**What you need to do**
Using the listing, copy each whole line that features "circle".
━━━
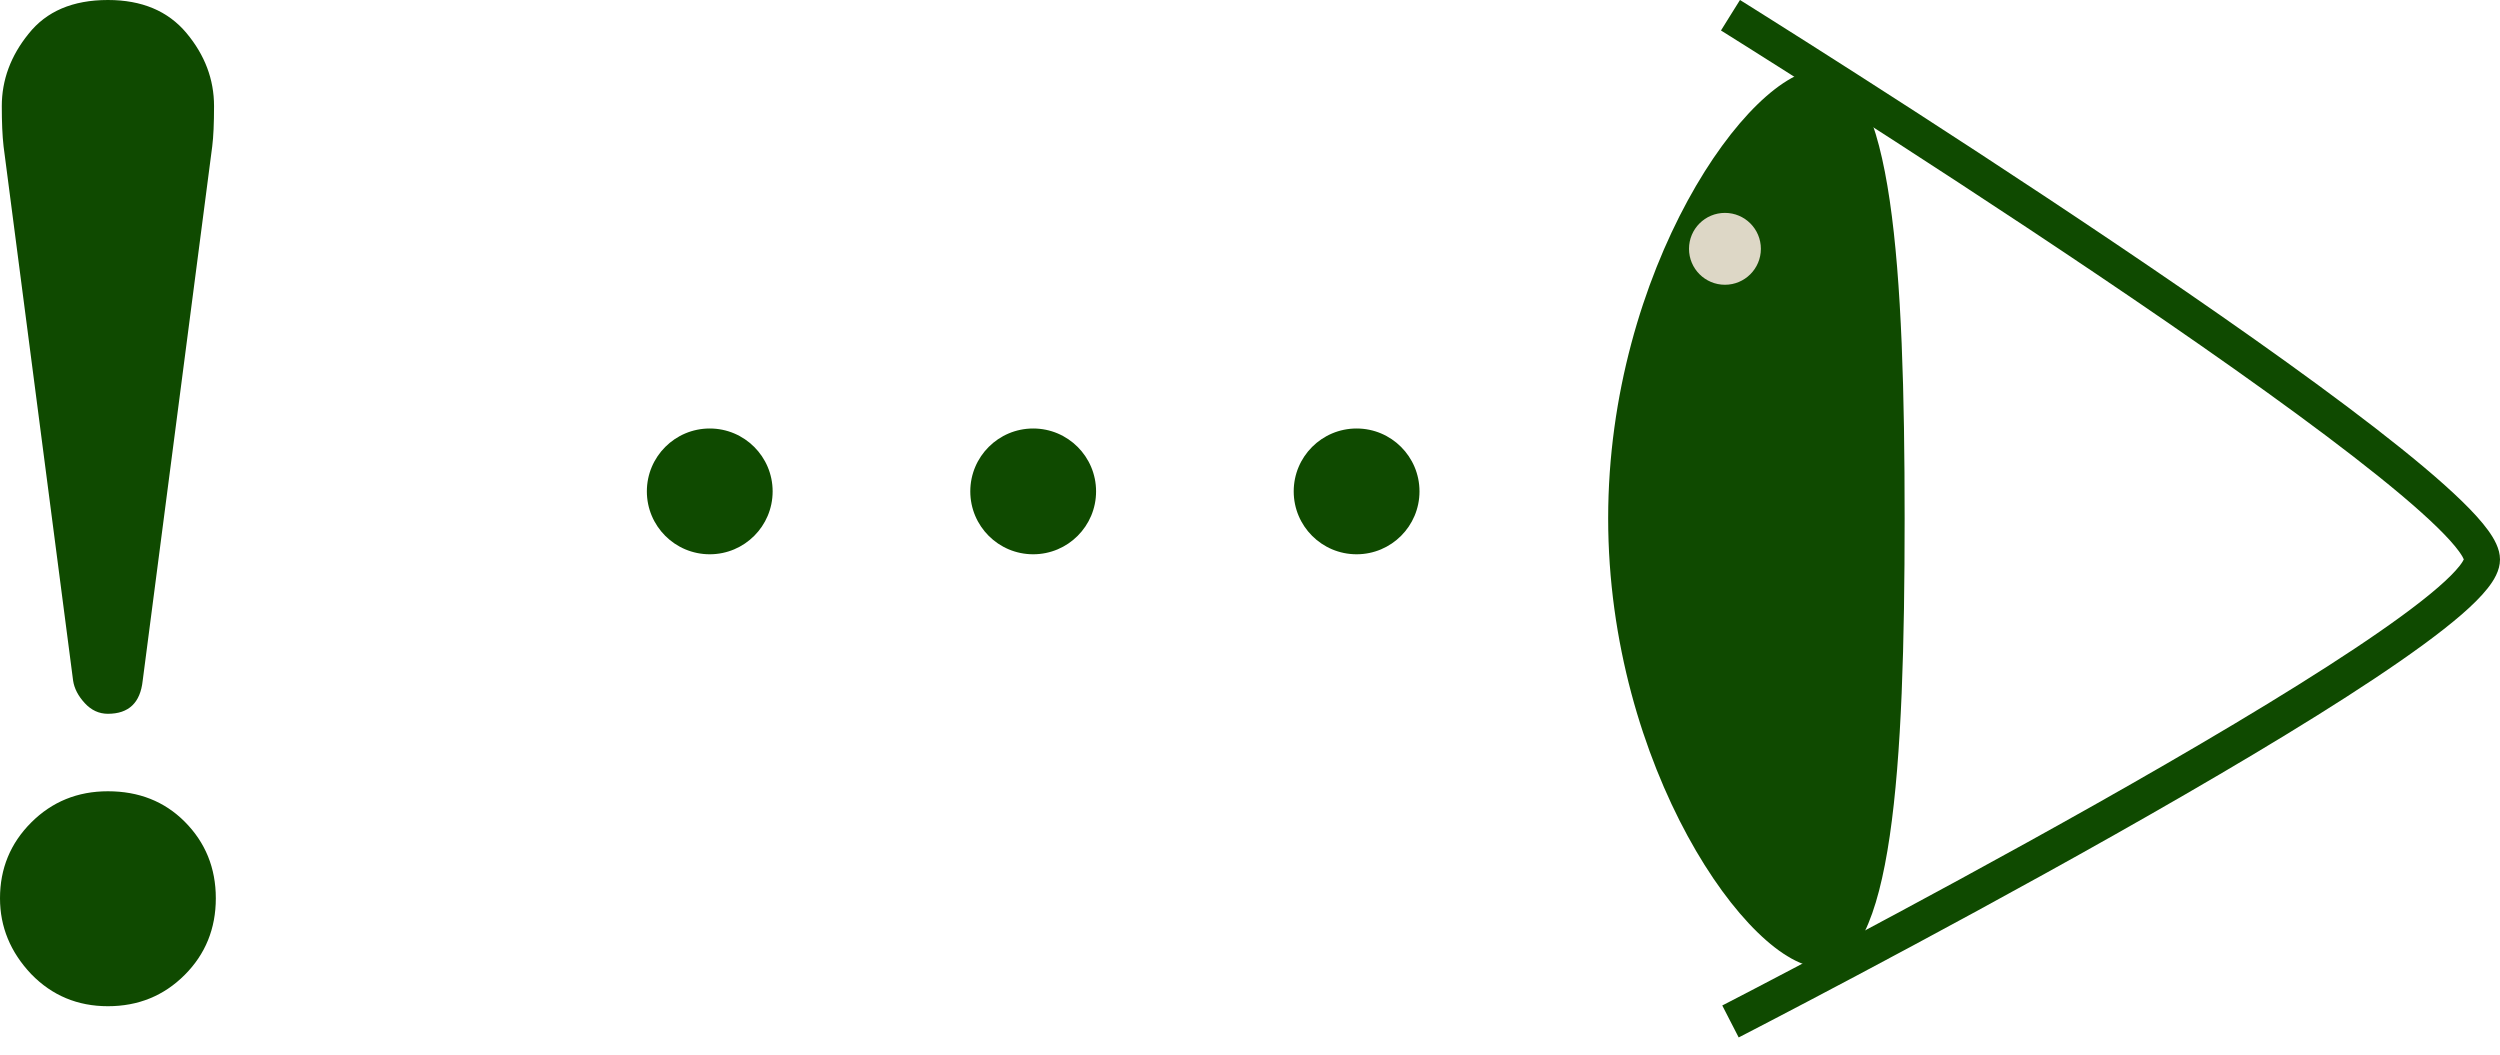 <svg width="128" height="54" viewBox="0 0 128 54" fill="none" xmlns="http://www.w3.org/2000/svg">
<path d="M3.744 34.855C3.805 35.251 4.002 35.632 4.338 35.998C4.672 36.362 5.068 36.546 5.525 36.546C6.591 36.546 7.184 35.981 7.305 34.855L10.867 7.487C10.928 7.002 10.959 6.316 10.959 5.433C10.959 4.063 10.488 2.816 9.544 1.688C8.6 0.562 7.261 -0 5.525 -0C3.727 -0 2.374 0.578 1.461 1.733C0.548 2.861 0.092 4.094 0.092 5.433C0.092 6.256 0.12 6.94 0.182 7.487L3.744 34.855Z" fill="#0F4A00"/>
<path d="M9.453 42.066C8.418 41.031 7.108 40.513 5.525 40.513C3.973 40.513 2.663 41.047 1.598 42.112C0.532 43.178 0 44.471 0 45.993C0 47.454 0.532 48.748 1.598 49.874C2.663 50.971 3.973 51.518 5.525 51.518C7.077 51.518 8.385 50.986 9.453 49.919C10.517 48.855 11.05 47.545 11.05 45.993C11.05 44.44 10.517 43.132 9.453 42.066Z" fill="#0F4A00"/>
<circle cx="69.458" cy="25.159" r="3.22" fill="#0F4A00"/>
<circle cx="36.339" cy="25.159" r="3.22" fill="#0F4A00"/>
<circle cx="52.899" cy="25.159" r="3.22" fill="#0F4A00"/>
<path d="M97.517 26.539C97.517 39.241 96.914 49.538 93.235 49.538C89.556 49.538 82.338 39.241 82.338 26.539C82.338 13.837 89.556 3.54 93.235 3.54C96.914 3.54 97.517 13.837 97.517 26.539Z" fill="#0F4A00"/>
<path fill-rule="evenodd" clip-rule="evenodd" d="M88.114 1.561C88.114 1.561 88.113 1.561 88.6 0.78C89.087 -0 89.087 -0 89.087 6.33183e-06L89.198 0.069C89.271 0.115 89.38 0.183 89.521 0.271C89.803 0.448 90.217 0.708 90.744 1.041C91.798 1.705 93.303 2.658 95.109 3.815C98.72 6.126 103.536 9.25 108.354 12.497C113.169 15.741 117.999 19.116 121.631 21.929C123.444 23.333 124.979 24.613 126.069 25.677C126.612 26.207 127.067 26.704 127.392 27.153C127.685 27.557 128 28.087 128 28.645C128 29.218 127.672 29.736 127.37 30.118C127.037 30.541 126.575 30.996 126.029 31.469C124.932 32.419 123.391 33.535 121.577 34.741C117.941 37.16 113.107 40.008 108.292 42.726C103.473 45.446 98.655 48.043 95.044 49.96C93.238 50.919 91.733 51.708 90.679 52.257C90.152 52.532 89.738 52.747 89.455 52.893C89.314 52.966 89.205 53.022 89.132 53.06L89.023 53.116L89.021 53.117C89.021 53.117 89.021 53.117 88.6 52.299C88.18 51.481 88.18 51.481 88.18 51.48L88.289 51.424C88.361 51.387 88.469 51.331 88.609 51.259C88.891 51.113 89.303 50.899 89.828 50.626C90.879 50.078 92.38 49.291 94.181 48.335C97.785 46.422 102.587 43.833 107.388 41.124C112.192 38.412 116.979 35.59 120.558 33.209C122.351 32.017 123.816 30.952 124.824 30.078C125.33 29.64 125.695 29.272 125.925 28.98C126.069 28.797 126.126 28.687 126.147 28.64C126.126 28.588 126.066 28.458 125.903 28.234C125.665 27.905 125.293 27.491 124.784 26.994C123.769 26.003 122.298 24.774 120.504 23.384C116.921 20.609 112.131 17.26 107.326 14.023C102.524 10.787 97.721 7.672 94.117 5.364C92.315 4.211 90.814 3.26 89.763 2.597C89.237 2.266 88.825 2.006 88.544 1.83C88.403 1.742 88.295 1.675 88.223 1.629L88.114 1.561Z" fill="#0F4A00"/>
<circle cx="88.317" cy="12.74" r="1.84" fill="#DDD7C6"/>
</svg>
━━━
**Solution to the exercise**
<circle cx="69.458" cy="25.159" r="3.22" fill="#0F4A00"/>
<circle cx="36.339" cy="25.159" r="3.22" fill="#0F4A00"/>
<circle cx="52.899" cy="25.159" r="3.22" fill="#0F4A00"/>
<circle cx="88.317" cy="12.74" r="1.84" fill="#DDD7C6"/>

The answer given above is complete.